(Lost In A Sea Of Sound) Percussive pressings reverberating through worldly history. Fissure has a sublime organic essence, modern and ancient in parallel. These rumblings and rattlings bleed through the fabrics of civilizations. Hints of both sacred temples and forgotten tombs, colliding together and creating a startling awakening from lengthy meditation.Noisepoetnobody weaves a tapestry of sound. Fragments of majestic moments joined in a seamless symphony of tightly bonded notes. There are not tracks on Fissure. Just two parts divided by a momentary flip or reverse of the cassette. One long composition where noisepoetnobody is joined with Eveline Müller. Strings, springs boards spiraling together with bowls, bows and blades. In what reads as potential mayhem, Fissure brightly glows with comforting warmth. Patient, never overstretching into industrial cacophony. Sounds for imaginative minds, melded together by creative consciousnesses. Released on the eh? label out of Richmond, California. eh? is related to Public Eyesore Records, not totally sure how they fold together, but that is only a detail. Together Public Eyesore Records and eh? have hundreds of releases over many years. Fissure is an excellent listening path into a well established venue for sounds both contracting and expanding into audible thresholds.

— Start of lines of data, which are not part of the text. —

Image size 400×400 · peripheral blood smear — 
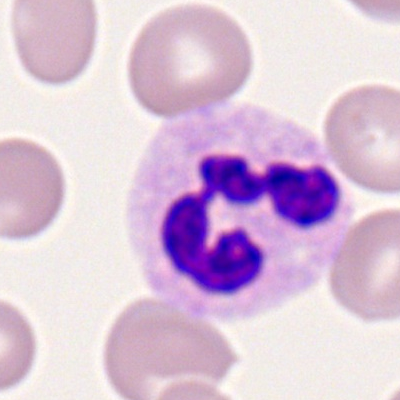

Morphology consistent with a polymorphonuclear neutrophil.
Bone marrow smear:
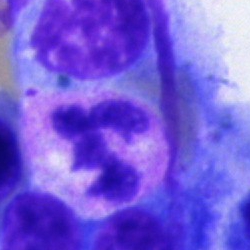

Morphology consistent with a neutrophil (segmented).
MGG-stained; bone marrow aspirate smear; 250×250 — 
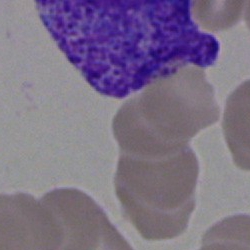
The cell type is artifact.
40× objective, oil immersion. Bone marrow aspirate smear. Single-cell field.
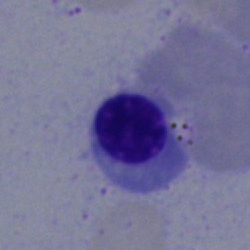 Nucleated red blood cell.
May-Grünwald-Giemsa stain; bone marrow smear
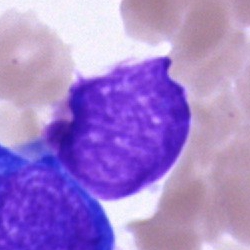
Classification = artefact.
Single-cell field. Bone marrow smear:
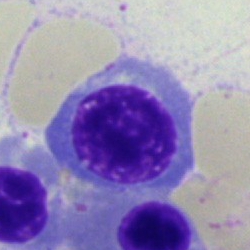

Q: Which cell type is shown here?
A: It is an erythroblast.
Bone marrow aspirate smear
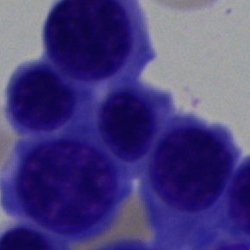Nucleated red blood cell.

(Disaster Amnesiac) Apologies for the long delay in Disaster Amnesiac describing and enthusing: between being somewhat drained in the listening capabilities from recent posts, fighting a motherfucker of a cold, and having to attend to things on the personal side of life, I was just not in the mood to review. As is always the case, a package from Bryan Day served to remedy those uninspired types of feelings. This time around, Eh? Records sent over their fresh new tape from noisepoetnobody, Fissure. Disaster Amnesiac has been listening to it for a little over a month now, and its vibes have had me coming back to one key concept that seems to drive the Public Eyesore/Eh? mission: interactive experimental sound production is the key to the ever-growing label.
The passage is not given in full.